Try this thread. it is a recent thread about clinical doctorates.

https://allnurses.com/forums/showthread.php?t=89795&highlight=doctorate

Thanks for the lead, Pete495!

from what i understand of this -

not much would change. most programs do enough clinical time to qualify for a clinical doctorate - which is what an MD is as well - a clinical doctorate. i don't think it is a move to change anything really - it is more a progression to give CRNA's a title that they already worked for.

i don't think it is a move to change anything really - it is more a progression to give CRNA's a title that they already worked for.

True, as has already been said by someone else in another post, if we want to be medical doctors then we should go to medical school. Nursing is nursing, and medicine is medicine. But I don't agree with the person who said that CRNAs who go after these clinical doctorate degrees are MD wannabes. Why would it be so objectionable for a clinical doctorate CRNA to use a title after his/her name after earning it through years of post-post graduate studies and experience in anesthesia practice? The physicians are extremely proud of those letters behind their names and they demand respect because of those letters, so why shouldn't nurses, be?

One reason this MDA vs CRNA thing has become such an explosive issue is the fact that some MDAs refuse to accept that nurses can be anything but lower-level caregivers who wipe butts and pass meds. Its totally inconceivable and unacceptable to them that some of us dare to call ourselves advance practice clinicians. This is no different from what the AMA has been trying to do with NPs for years. The physicians recently tried (again) to get the Florida senate to restrict the practice of NPs in that state but it all backfired because the senators saw that the FMA was simply on a power trip. I believe the physicians will be defeated again when the senate bills to restrict CRNA practice come up for voting. Its so obvious that these bills are motivated by greed for more $$$.

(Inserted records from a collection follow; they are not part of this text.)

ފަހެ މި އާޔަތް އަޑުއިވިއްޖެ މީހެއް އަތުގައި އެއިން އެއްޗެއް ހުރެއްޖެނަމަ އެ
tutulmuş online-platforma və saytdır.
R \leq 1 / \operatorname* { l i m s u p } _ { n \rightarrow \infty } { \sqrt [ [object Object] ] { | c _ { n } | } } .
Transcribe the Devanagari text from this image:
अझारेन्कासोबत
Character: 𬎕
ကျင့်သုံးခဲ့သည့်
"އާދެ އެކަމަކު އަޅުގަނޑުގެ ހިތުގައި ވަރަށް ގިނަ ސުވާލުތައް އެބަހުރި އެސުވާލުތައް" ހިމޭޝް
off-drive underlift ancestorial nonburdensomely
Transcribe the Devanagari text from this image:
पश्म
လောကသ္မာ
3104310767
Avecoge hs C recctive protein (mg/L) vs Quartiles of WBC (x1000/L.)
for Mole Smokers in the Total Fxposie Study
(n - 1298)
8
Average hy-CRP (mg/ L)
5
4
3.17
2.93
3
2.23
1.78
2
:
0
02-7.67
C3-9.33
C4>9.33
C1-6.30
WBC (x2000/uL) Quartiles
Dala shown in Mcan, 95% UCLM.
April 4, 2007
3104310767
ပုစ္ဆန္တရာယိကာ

Specializes in Gerontological, cardiac, med-surg, peds.

There is another BIG consideration to the practice doctorate for APRN's that no one has brought to mind - namely, where are the professors going to come from to teach all of these advanced practice nursing doctorate students? My school of nursing is clamoring to attract qualified faculty, as they are losing 5 instructors this year alone (several of these are full professors with doctorates). There are simply not enough nurse educators in the "pipes" to replace all of the aging nursing faculty. Presently, Masters level faculty are being used quite extensively to teach these advanced practice students. IF the practice doctorate becomes the standard, then only faculty with doctorates will be able to teach these students. There are simply not enough nursing faculty with doctorates to do this. And, this situation is only going to get worse (not better!) with time.

Specializes in Nephrology, Cardiology, ER, ICU.

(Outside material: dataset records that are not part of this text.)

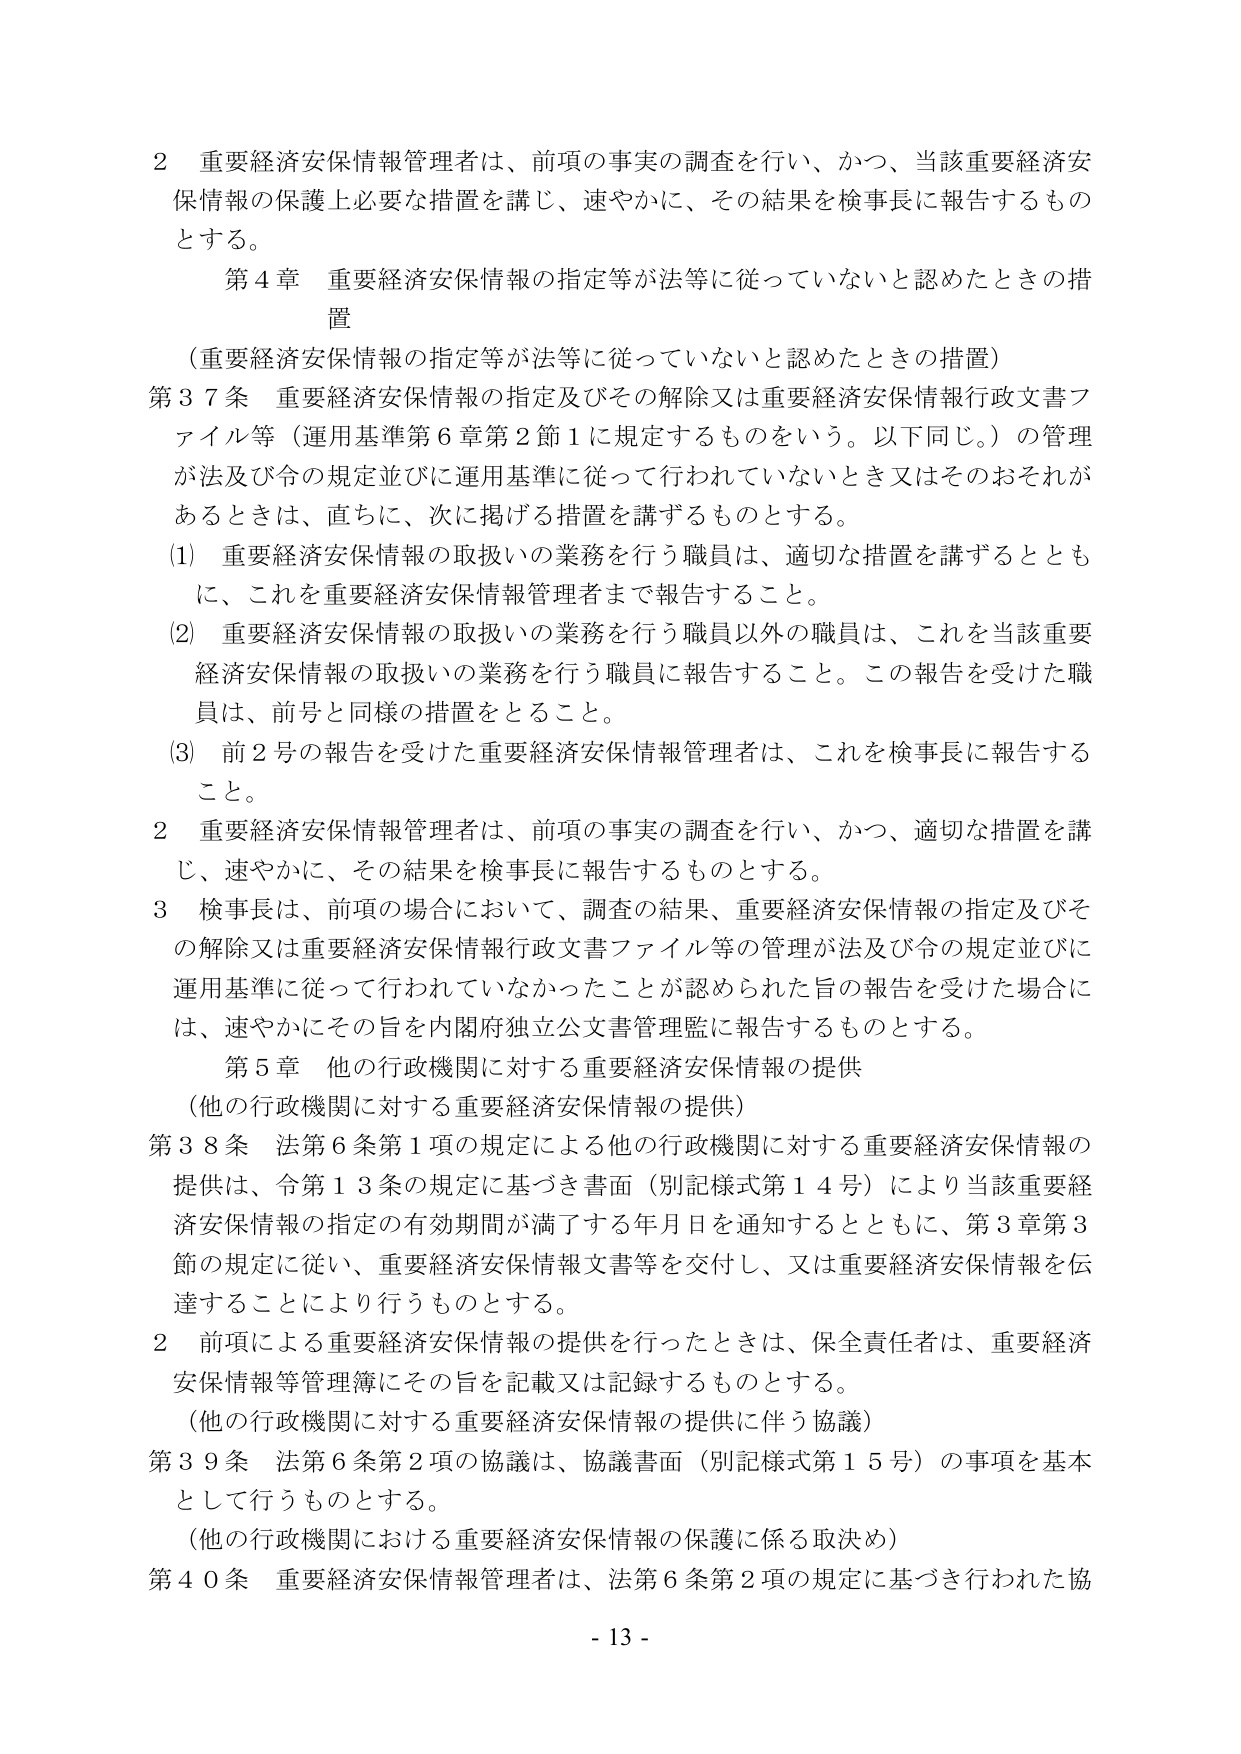
2 重要経済安保情報管理者は、前項の事実の調査を行い、かつ、当該重要経済安保情報の保護上必要な措置を講じ、速やかに、その結果を検事長に報告するものとする。

第4章 重要経済安保情報の指定等が法等に従っていないと認めたときの措置

（重要経済安保情報の指定等が法等に従っていないと認めたときの措置）

第37条 重要経済安保情報の指定及びその解除又は重要経済安保情報行政文書ファイル等（運用基準第6章第2節1に規定するものをいう。以下同じ。）の管理が法及び令の規定並びに運用基準に従って行われていないとき又はそのおそれがあるときは、直ちに、次に掲げる措置を講ずるものとする。

(1) 重要経済安保情報の取扱いの業務を行う職員は、適切な措置を講ずるとともに、これを重要経済安保情報管理者まで報告すること。

(2) 重要経済安保情報の取扱いの業務を行う職員以外の職員は、これを当該重要経済安保情報の取扱いの業務を行う職員に報告すること。この報告を受けた職員は、前号と同様の措置をとること。

(3) 前2号の報告を受けた重要経済安保情報管理者は、これを検事長に報告すること。

2 重要経済安保情報管理者は、前項の事実の調査を行い、かつ、適切な措置を講じ、速やかに、その結果を検事長に報告するものとする。

3 検事長は、前項の場合において、調査の結果、重要経済安保情報の指定及びその解除又は重要経済安保情報行政文書ファイル等の管理が法及び令の規定並びに運用基準に従って行われていなかったことが認められた旨の報告を受けた場合には、速やかにその旨を内閣府独立公文書管理監に報告するものとする。

第5章 他の行政機関に対する重要経済安保情報の提供

（他の行政機関に対する重要経済安保情報の提供）

第38条 法第6条第1項の規定による他の行政機関に対する重要経済安保情報の提供は、令第13条の規定に基づき書面（別記様式第14号）により当該重要経済安保情報の指定の有効期間が満了する年月日を通知するとともに、第3章第3節の規定に従い、重要経済安保情報文書等を交付し、又は重要経済安保情報を伝達することにより行うものとする。

2 前項による重要経済安保情報の提供を行ったときは、保全責任者は、重要経済安保情報等管理簿にその旨を記載又は記録するものとする。

（他の行政機関に対する重要経済安保情報の提供に伴う協議）

第39条 法第6条第2項の協議は、協議書面（別記様式第15号）の事項を基本として行うものとする。

（他の行政機関における重要経済安保情報の保護に係る取決め）

第40条 重要経済安保情報管理者は、法第6条第2項の規定に基づき行われた協

- 13 -
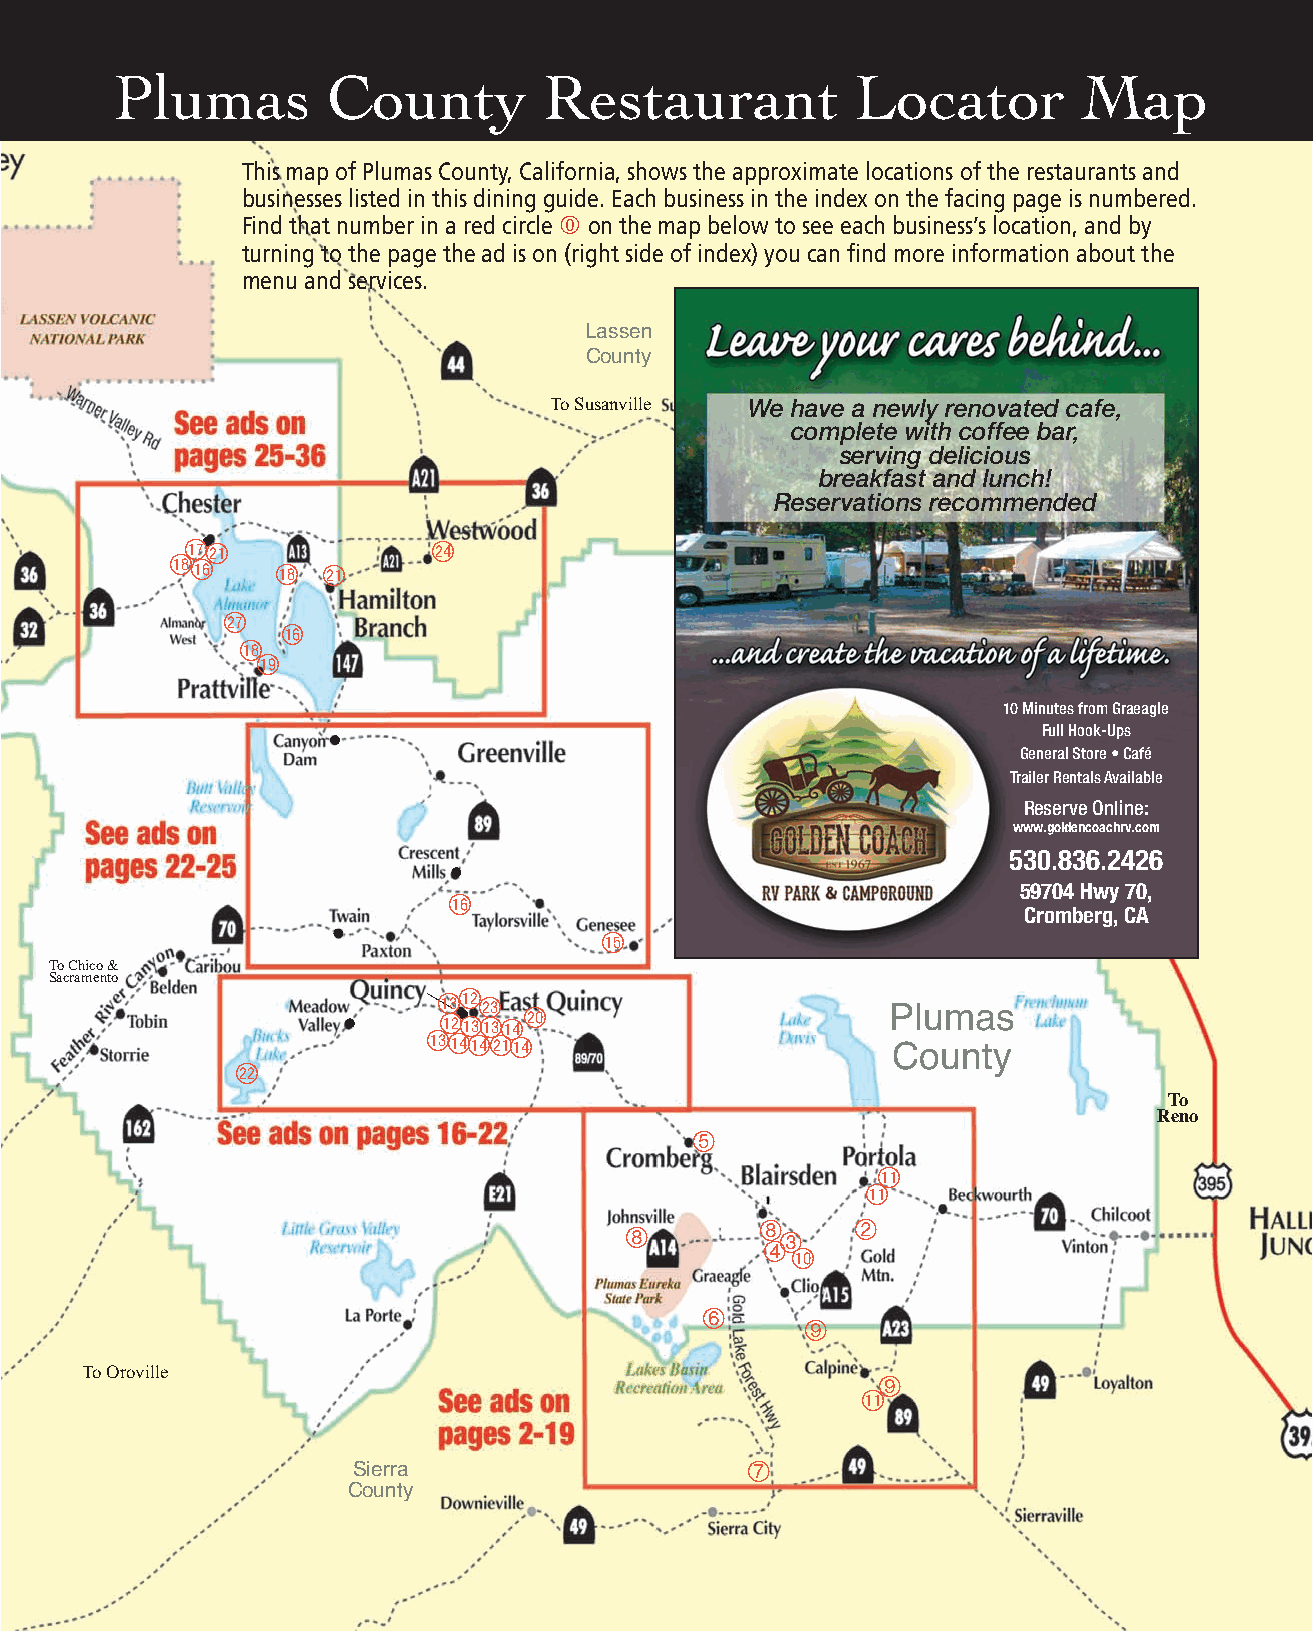
Plumas        County        Restaurant           Locator        Map
 This map of Plumas County, California, shows the approximate locations of the restaurants and
 businesses listed in this dining guide. Each business in the index on the facing page is numbered.
 Find that number in a red circle 0 on the map below to see each business’s location, and by
 turning to the page the ad is on (right side of index) you can find more information about the
 menu and services.
 Lassen
 County
 To Susanville We have a newly renovated cafe,
 complete with coffee bar,
 serving delicious
 breakfast and lunch!
 Reservations recommended
 brcl            co
 bsbq
 bs cl
 cr
 bq
 bs
 bt
 10 Minutes from Graeagle
 Full Hook-Ups
 General Store • Café
 Trailer Rentals Available
 Reserve Online:
 www.goldencoachrv.com
 530.836.2426
 bq                                    59704 Hwy 70,
 Cromberg, CA
 bp
 To Chico &
 Sacramento
 bnbm
 cn
 bmbnbnbock                    Plumas
 bnboboclbo
 County
 cm
 To
 Reno
 5
 bl
 bl
 8     2
 8         3
 4
 bk
 6
 9
 To Oroville                                          9
 bl
 7
 Sierra
 County

You have a valid point there for sure.

There is another BIG consideration to the practice doctorate for APRN's that no one has brought to mind - namely, where are the professors going to come from to teach all of these advanced practice nursing doctorate students?

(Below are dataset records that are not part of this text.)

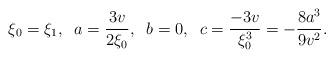
LaTeX: \begin{align*}\xi_{0}=\xi_{1},\;\; a=\frac{3v}{2\xi_{0}},\;\; b=0,\;\;c=\frac{-3v} {\xi^3_0}=-\frac{8a^{3}}{9v^{2}}.\end{align*}
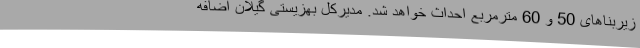
زیربناهای 50 و 60 مترمربع احداث خواهد شد. مدیرکل بهزیستی گیلان اضافه
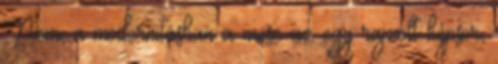
Nem, a modernitásban a mese az egy rajzolt képsor,
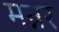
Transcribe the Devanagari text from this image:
मन्नर
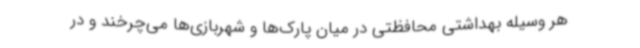
هر وسیله بهداشتی محافظتی در میان پارک‌ها و شهربازی‌ها می‌چرخند و در
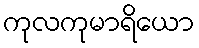
ကုလကုမာရိယော
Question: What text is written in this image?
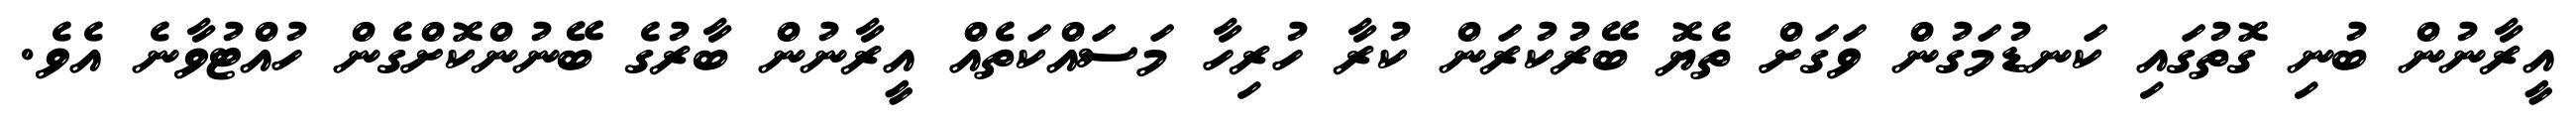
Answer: އީރާނުން ބުނި ގޮތުގައި ކަނޑުމަގުން ވަގަށް ތެޔޮ ބޭރުކުރަން ކުރާ ހުރިހާ މަސައްކަތެއް އީރާނުން ބާރުގެ ބޭނުންކޮށްގެން ހުއްޓުވާނެ އެވެ.
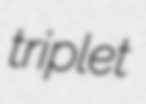
triplet
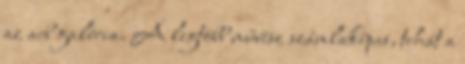
az acb galéria. A legtöbb művész számlaképes, tehát a
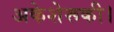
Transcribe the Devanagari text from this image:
अकेशेरूकी।
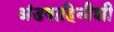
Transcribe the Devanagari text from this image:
अंडवाहिनीशी
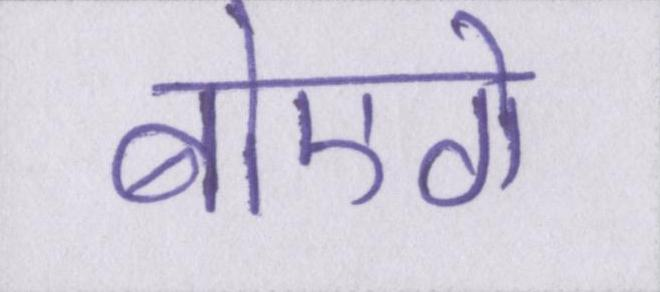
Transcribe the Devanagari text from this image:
बोएगे
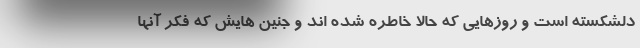
دلشکسته است و روزهایی که حالا خاطره شده اند و جنین هایش که فکر آنها
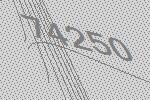
74250
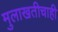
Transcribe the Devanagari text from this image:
मुलाखतीचाही
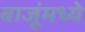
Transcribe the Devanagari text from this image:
बाजूंमध्ये
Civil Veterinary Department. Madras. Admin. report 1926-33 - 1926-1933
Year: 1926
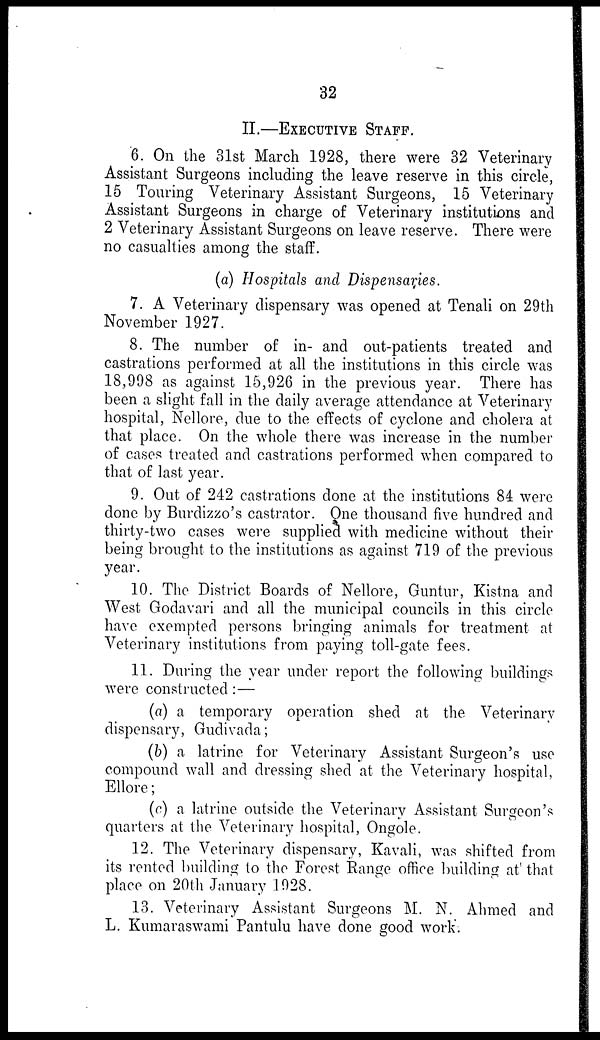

There is most assuredly a huge nursing faculty shortage. However, one of the arguments FOR the practice doctorate is that it will help the faculty shortage.

Expert clinicians are not always interested in the intense rigors involved with a PhD. It takes a very long time, and the emphasis is on research. While a practice doctorate definitely includes research, it is designed to be more grounded in the "real world", and should be very applicable to clinical practice.

Practice doctorates are not new, they have been around for awhile. What is new is the call to use them as entry level degrees for APNs. This is a natural fit, in IMHO.

It will take some time, but I think we will see an increase in the number of doctorate prepared faculty, as these degrees catch on, and pick up speed.

Lambert:Again, I am not a CRNA, so I do not know which model of practice nurse anesthesia most closley resembles.

Nurse anesthesia is most definitely NURSING and not medicine. Not all of health care is defined by medicine. There was a time when that was true, but that is so last century. Medicine will always remain an important part of health care. But other providers have legitimate, and important roles to play. And those roles are not defined as delegated aspects of medicine. Physicians are doctors of medicine. But they are not the only doctors out there.

[sOAPBOX] DOCTOR does not equal PHYSICIAN

MEDICINE does not equal HEALTH CARE [/sOAPBOX]

loisane crna

There is most assuredly a huge nursing faculty shortage. However, one of the arguments FOR the practice doctorate is that it will help the faculty shortage.

loisane crna

The faculty are needed before it produces DrNP graduates! I don't see how this helps the faculty shortage! I'm not sure about nursing but in many other fields tenure for faculty members (associate professor rank) requires an academic doctorate (e.g., PhD, EdD, ScD). The DrNP does not qualify as such. This would be not unlike hiring a MSNA (nothing wrong with that) as a faculty member. I dont see the justification for this claim.

Expert clinicians are not always interested in the intense rigors involved with a PhD. It takes a very long time, and the emphasis is on research. While a practice doctorate definitely includes research, it is designed to be more grounded in the "real world", and should be very applicable to clinical practice.

Practice doctorates are not new, they have been around for awhile. What is new is the call to use them as entry level degrees for APNs. This is a natural fit, in IMHO.

It will take some time, but I think we will see an increase in the number of doctorate prepared faculty, as these degrees catch on, and pick up speed.

agreed but these faculty members would not be doctorate prepared faculty in the research sense. they do not hold PhDs and would not significantly differ from MSNAs nor would they be likely to frequently publish in peer-reviewed journals as prinicpal investigators

Nurse anesthesia is most definitely NURSING and not medicine. Not all of health care is defined by medicine. There was a time when that was true, but that is so last century. Medicine will always remain an important part of health care. But other providers have legitimate, and important roles to play. And those roles are not defined as delegated aspects of medicine. Physicians are doctors of medicine. But they are not the only doctors out there.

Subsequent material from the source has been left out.